[Start of section]

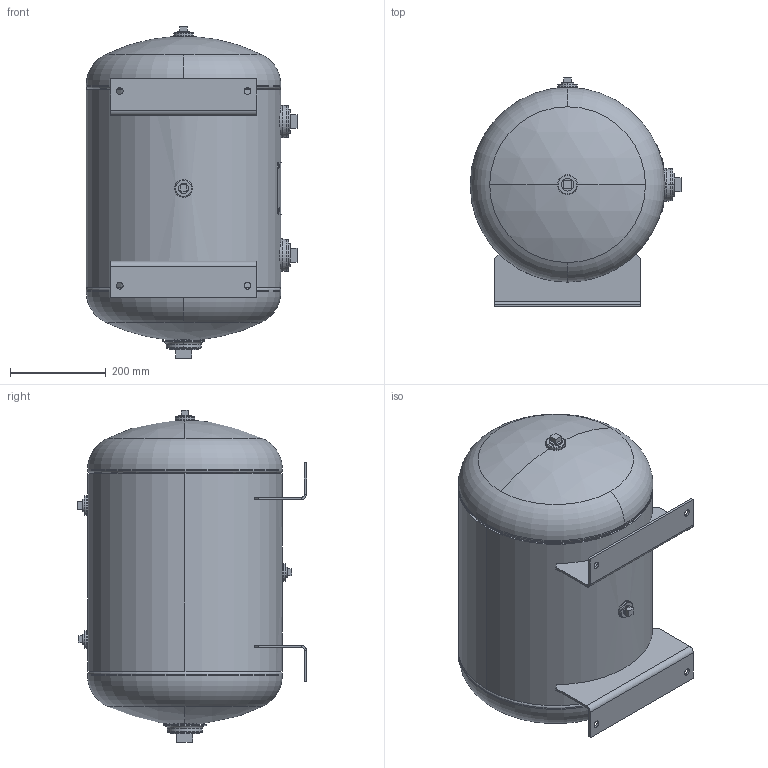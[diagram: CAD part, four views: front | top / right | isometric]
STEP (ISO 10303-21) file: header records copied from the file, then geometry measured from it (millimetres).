
FILE_DESCRIPTION (( 'STEP AP203' ), '1' );
FILE_NAME ('304942.STEP', '2012-03-06T19:52:02', ( '' ), ( '' ), 'SwSTEP 2.0', 'SolidWorks 2011', '' );
FILE_SCHEMA (( 'CONFIG_CONTROL_DESIGN' ));
Length unit declared in the file: inch
Products named in the file (1): 304942
Bounding box: 441.58 x 478.62 x 692.94 mm (x, y, z)
Surface area: 1204503 mm2 (no closed solid volume)
Topology: 0 solids, 25 shells, 242 faces, 635 edges, 408 vertices
Faces by surface type: plane 104, cylinder 64, torus 58, bspline 12, sphere 4
Full cylindrical faces by diameter (mm): 406.4 x1
Entity records: 9379 total; most frequent: CARTESIAN_POINT 3314, DIRECTION 1319, ORIENTED_EDGE 1111, EDGE_CURVE 635, AXIS2_PLACEMENT_3D 507, VERTEX_POINT 408, LINE 305, VECTOR 305
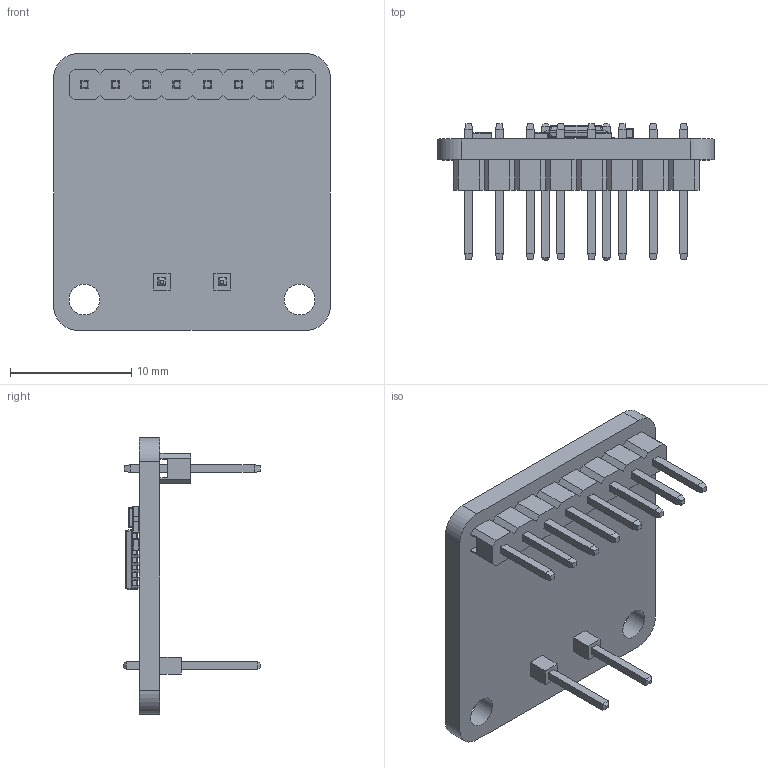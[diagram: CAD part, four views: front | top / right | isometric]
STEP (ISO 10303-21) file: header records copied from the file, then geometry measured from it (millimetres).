
FILE_DESCRIPTION(/* description */ ('STEP AP242','CAx-IF Rec.Pracs.---Representation and Presentation of Product Manufacturing Information (PMI)---4.0---2014-10-13','CAx-IF Rec.Pracs.---3D Tessellated Geometry---0.4---2014-09-14','2;1'),/* implementation_level */ '2;1');
FILE_NAME(/* name */ '6219e81f6f161462d91ed963',/* time_stamp */ '2022-02-26T08:43:12+00:00',/* author */ (''),/* organization */ (''),/* preprocessor_version */ 'ST-DEVELOPER v18.101',/* originating_system */ ' ',/* authorisation */ ' ');
FILE_SCHEMA (('AP242_MANAGED_MODEL_BASED_3D_ENGINEERING_MIM_LF { 1 0 10303 442 1 1 4 }'));
Length unit declared in the file: metre
Products named in the file (42): INA260_headers; LEAD-TSSOP_15; LEAD-TSSOP_11; LEAD-TSSOP_7; Resistor_3; 1x8 Male Headers; Capacitor; Resistor; BODY-TSSOP; Resistor_1; Resistor_2; LEAD-TSSOP_8; LEAD-TSSOP_9; LEAD-TSSOP_4; Part 1; LEAD-TSSOP; LEAD-TSSOP_5; LEAD-TSSOP_3; PCB; LEAD-TSSOP_10; LEAD-TSSOP_6; LEAD-TSSOP_1; LEAD-TSSOP_12; LEAD-TSSOP_14; LEAD-TSSOP_13; LEAD-TSSOP_2
Assembly tree (42 placements, depth 2):
  INA260_headers
    LEAD-TSSOP_15
    LEAD-TSSOP_11
    LEAD-TSSOP_7
    Resistor_3
    1x8 Male Headers
    Resistor_3
    Capacitor
    Resistor
    BODY-TSSOP
    Resistor_1
    Resistor_2
    1x8 Male Headers
    LEAD-TSSOP_8
    LEAD-TSSOP_9
    LEAD-TSSOP_4
    1x8 Male Headers
    Part 1  x2
    LEAD-TSSOP
    Resistor
    Resistor_2
    LEAD-TSSOP_5
    LEAD-TSSOP_3
    Resistor_3
    PCB
    Resistor_1
    LEAD-TSSOP_10
    LEAD-TSSOP_6
    1x8 Male Headers
    LEAD-TSSOP_1
    1x8 Male Headers
    Resistor
    1x8 Male Headers
    1x8 Male Headers
    LEAD-TSSOP_12
    Resistor_1
    LEAD-TSSOP_14
    LEAD-TSSOP_13
    1x8 Male Headers
    1x8 Male Headers
    LEAD-TSSOP_2
    Resistor_2
Bounding box: 22.86 x 11.3 x 22.86 mm (x, y, z)
Volume: 1032.8 mm3; surface area: 1939.8 mm2
Topology: 42 solids, 42 shells, 772 faces, 1913 edges, 1222 vertices
Faces by surface type: plane 595, cylinder 161, sphere 16
Full cylindrical faces by diameter (mm): 0.8 x9, 1.1 x2, 2.54 x2
Entity records: 23260 total; most frequent: CARTESIAN_POINT 3821, DIRECTION 3752, ORIENTED_EDGE 3680, EDGE_CURVE 1840, LINE 1510, VECTOR 1510, VERTEX_POINT 1190, AXIS2_PLACEMENT_3D 1121

[End of section]

EXERCISE DIRECTIONS:
Pictures stay out of the copy; print the material above exactly.

SOLUTION TO THIS PROBLEM:
[diagram: CAD part, four views: front | top / right | isometric]
STEP (ISO 10303-21) file: header records copied from the file, then geometry measured from it (millimetres).
FILE_DESCRIPTION (( 'STEP AP203' ), '1' );
FILE_NAME ('304942.STEP', '2012-03-06T19:52:02', ( '' ), ( '' ), 'SwSTEP 2.0', 'SolidWorks 2011', '' );
FILE_SCHEMA (( 'CONFIG_CONTROL_DESIGN' ));
Length unit declared in the file: inch
Products named in the file (1): 304942
Bounding box: 441.58 x 478.62 x 692.94 mm (x, y, z)
Surface area: 1204503 mm2 (no closed solid volume)
Topology: 0 solids, 25 shells, 242 faces, 635 edges, 408 vertices
Faces by surface type: plane 104, cylinder 64, torus 58, bspline 12, sphere 4
Full cylindrical faces by diameter (mm): 406.4 x1
Entity records: 9379 total; most frequent: CARTESIAN_POINT 3314, DIRECTION 1319, ORIENTED_EDGE 1111, EDGE_CURVE 635, AXIS2_PLACEMENT_3D 507, VERTEX_POINT 408, LINE 305, VECTOR 305
[diagram: CAD part, four views: front | top / right | isometric]
STEP (ISO 10303-21) file: header records copied from the file, then geometry measured from it (millimetres).
FILE_DESCRIPTION(/* description */ ('STEP AP242','CAx-IF Rec.Pracs.---Representation and Presentation of Product Manufacturing Information (PMI)---4.0---2014-10-13','CAx-IF Rec.Pracs.---3D Tessellated Geometry---0.4---2014-09-14','2;1'),/* implementation_level */ '2;1');
FILE_NAME(/* name */ '6219e81f6f161462d91ed963',/* time_stamp */ '2022-02-26T08:43:12+00:00',/* author */ (''),/* organization */ (''),/* preprocessor_version */ 'ST-DEVELOPER v18.101',/* originating_system */ ' ',/* authorisation */ ' ');
FILE_SCHEMA (('AP242_MANAGED_MODEL_BASED_3D_ENGINEERING_MIM_LF { 1 0 10303 442 1 1 4 }'));
Length unit declared in the file: metre
Products named in the file (42): INA260_headers; LEAD-TSSOP_15; LEAD-TSSOP_11; LEAD-TSSOP_7; Resistor_3; 1x8 Male Headers; Capacitor; Resistor; BODY-TSSOP; Resistor_1; Resistor_2; LEAD-TSSOP_8; LEAD-TSSOP_9; LEAD-TSSOP_4; Part 1; LEAD-TSSOP; LEAD-TSSOP_5; LEAD-TSSOP_3; PCB; LEAD-TSSOP_10; LEAD-TSSOP_6; LEAD-TSSOP_1; LEAD-TSSOP_12; LEAD-TSSOP_14; LEAD-TSSOP_13; LEAD-TSSOP_2
Assembly tree (42 placements, depth 2):
  INA260_headers
    LEAD-TSSOP_15
    LEAD-TSSOP_11
    LEAD-TSSOP_7
    Resistor_3
    1x8 Male Headers
    Resistor_3
    Capacitor
    Resistor
    BODY-TSSOP
    Resistor_1
    Resistor_2
    1x8 Male Headers
    LEAD-TSSOP_8
    LEAD-TSSOP_9
    LEAD-TSSOP_4
    1x8 Male Headers
    Part 1  x2
    LEAD-TSSOP
    Resistor
    Resistor_2
    LEAD-TSSOP_5
    LEAD-TSSOP_3
    Resistor_3
    PCB
    Resistor_1
    LEAD-TSSOP_10
    LEAD-TSSOP_6
    1x8 Male Headers
    LEAD-TSSOP_1
    1x8 Male Headers
    Resistor
    1x8 Male Headers
    1x8 Male Headers
    LEAD-TSSOP_12
    Resistor_1
    LEAD-TSSOP_14
    LEAD-TSSOP_13
    1x8 Male Headers
    1x8 Male Headers
    LEAD-TSSOP_2
    Resistor_2
Bounding box: 22.86 x 11.3 x 22.86 mm (x, y, z)
Volume: 1032.8 mm3; surface area: 1939.8 mm2
Topology: 42 solids, 42 shells, 772 faces, 1913 edges, 1222 vertices
Faces by surface type: plane 595, cylinder 161, sphere 16
Full cylindrical faces by diameter (mm): 0.8 x9, 1.1 x2, 2.54 x2
Entity records: 23260 total; most frequent: CARTESIAN_POINT 3821, DIRECTION 3752, ORIENTED_EDGE 3680, EDGE_CURVE 1840, LINE 1510, VECTOR 1510, VERTEX_POINT 1190, AXIS2_PLACEMENT_3D 1121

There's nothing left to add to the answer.